En République centrafricaine, malgré la guerre, une ONG tchèque poursuit sa mission

Photo: SIRIRI

Malgré l’accord de paix signé dernièrement dans la capitale Bangui entre gouvernement et groupes armés, la situation sécuritaire en République centrafricaine reste particulièrement instable et précaire. Dans ce pays meurtri par les guerres et autres coups d’Etat, qui compte parmi les moins développés au monde, une organisation tchèque continue pourtant de mener sa mission, notamment éducative à travers un projet appelé « L’école en jouant ». Cofondatrice de SIRIRI, Ludmila Böhmová est revenue récemment d’une mission de contrôle d’un mois dans l’ouest du pays.

Ludmila Böhmová,  photo: SIRIRI
Si Ludmila Böhmová est revenue saine et sauve de ce séjour dans un pays qui compte très certainement parmi ceux dans le monde que les Tchèques connaissent le moins, son témoignage n’est cependant guère teinté d’optimisme :

« La situation s’est plutôt encore aggravée. Officiellement, la crise humanitaire causée par le coup d’Etat de 2013 s’est achevée en 2015-2016, et c’est la raison pour laquelle plusieurs organisations internationales ont arrêté leurs programmes d’aide. La réalité est que 85 % du territoire restent occupés par les groupes de rebelles, ce qui signifie qu’aucune aide humanitaire ne peut y être achevée. Or, on estime à près de 3 millions sur une population de 4,6 millions d’habitants, le nombre de gens qui sont directement menacés par la violence et auraient besoin d’une aide. »

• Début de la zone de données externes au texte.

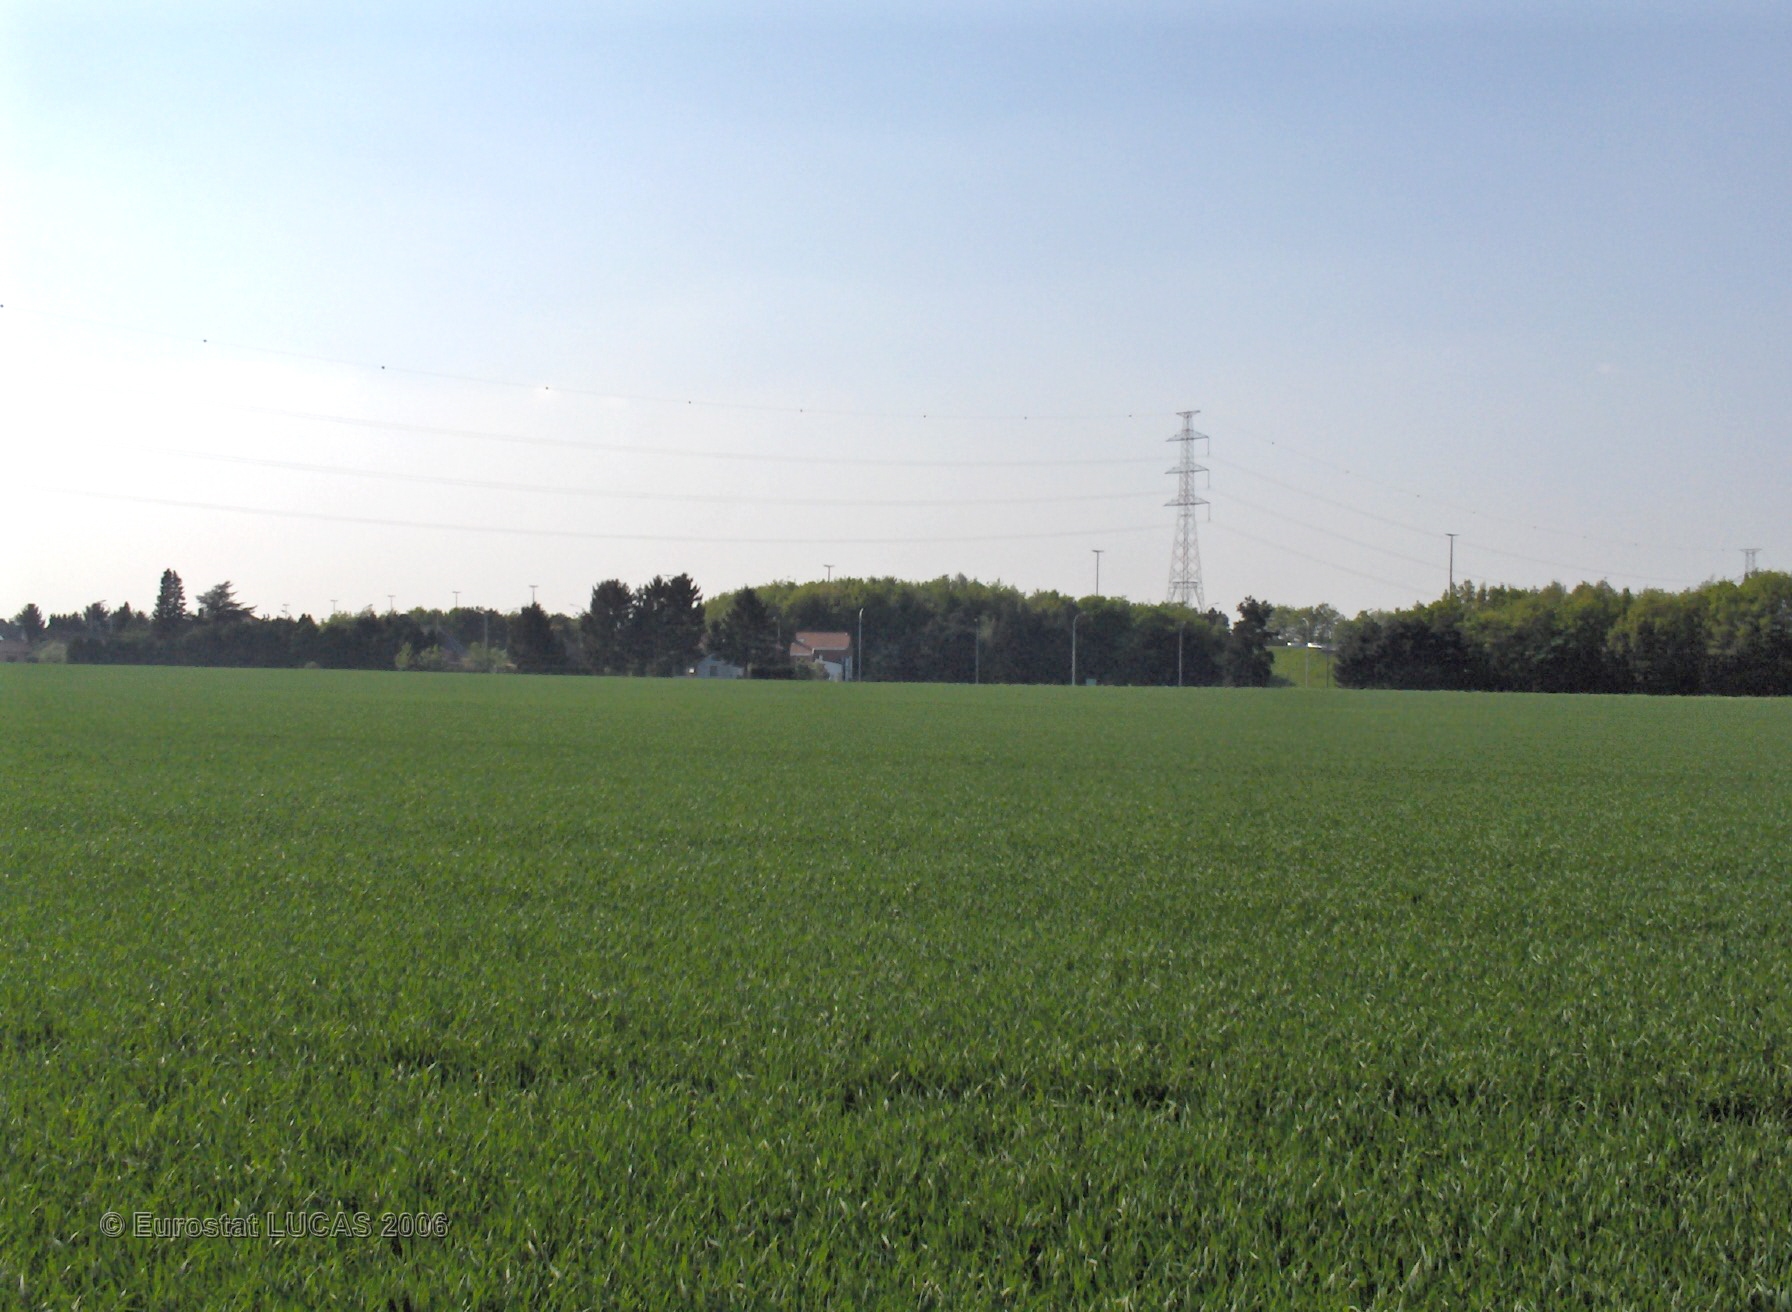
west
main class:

Si SIRIRI continue de fournir son aide en Centrafrique, c’est parce que l’organisation opère dans une des rares régions du pays où cela reste encore possible, frontalière du Tchad et du Cameroun, comme l’avait expliqué son ancien directeur Fabrice-Martin Plichta lors d’un précédent entretien à Radio Prague :

Photo: SIRIRI
« Nous intervenons dans une région qui est plus calme. Nous travaillons dans l’ouest du pays, qui est moins perturbé par les combats qui peuvent endeuiller le pays. Nous nous appuyons sur des partenaires locaux qui ont une bonne connaissance des lieux, du milieu, des personnes et intervenants divers qui pourraient se manifester. La situation semble suffisamment sûre pour que nous puissions réaliser cette formation. »

Depuis désormais quatre ans, SIRIRI envoie dans la ville de Bozoum des équipes de bénévoles chargés de former des instituteurs centrafricains à une méthode pédagogique en sango, la langue maternelle des enfants centrafricains, mieux adaptée aux besoins des élèves pour l’apprentissage de la lecture et de l’écriture que l’enseignement traditionnellement dispensé en français. Et si cette mission n’est pour l’heure pas remise en cause, Ludmila Böhmová affirme néanmoins que tout n’est pas simple pour autant :

« L’année dernière, des groupes de rebelles sont arrivés jusqu’à la limite des deux préfectures dans lesquelles nous mettons en œuvre notre projet. Cela nous a empêchés de nous rendre dans certains endroits et d’aller rendre visite aux instituteurs que nous avions formés précédemment. Par exemple, lors de notre séjour en janvier dernier, alors que nous expérimentions une nouvelle méthode d’enseignement dans une classe, le père Aurélio, un missionnaire italien sur lequel nous nous appuyons sur place pour réaliser notre projet, est sorti d’une classe voisine où il venait d’abriter un groupe de femmes et d’enfants musulmans car il avait été informé qu’il y avait des tirs dans un village distant de dix kilomètres de Bozoum et que les hommes étaient partis se réfugier dans la brousse. Cela donne donc une idée de la tension qui règne malgré tout là-bas. Vous pouvez passer d’un état émotionnel à un autre en quelques instants. Ce qu’il est important aussi de souligner, c’est que ces femmes et enfants musulmans ont été accueillis dans une école catholique, ce qui montre bien la faculté d’entraide qui est celle des gens qui ne sont pas agressifs et ne sont pas armés. »

Malgré les risques et toutes les difficultés, SIRIRI, un mot qui signifie « paix » en sango et qui depuis peu est aussi le nom d’un groupe armé centrafricain, entend bien poursuivre une mission éducative dont l’important succès tant auprès des instituteurs, que des enfants et des autorités centrafricains, confirme le bien-fondé. Un succès presque même inespéré, comme Ludmila Böhmová l’expliquera plus en détail prochainement dans nos émissions.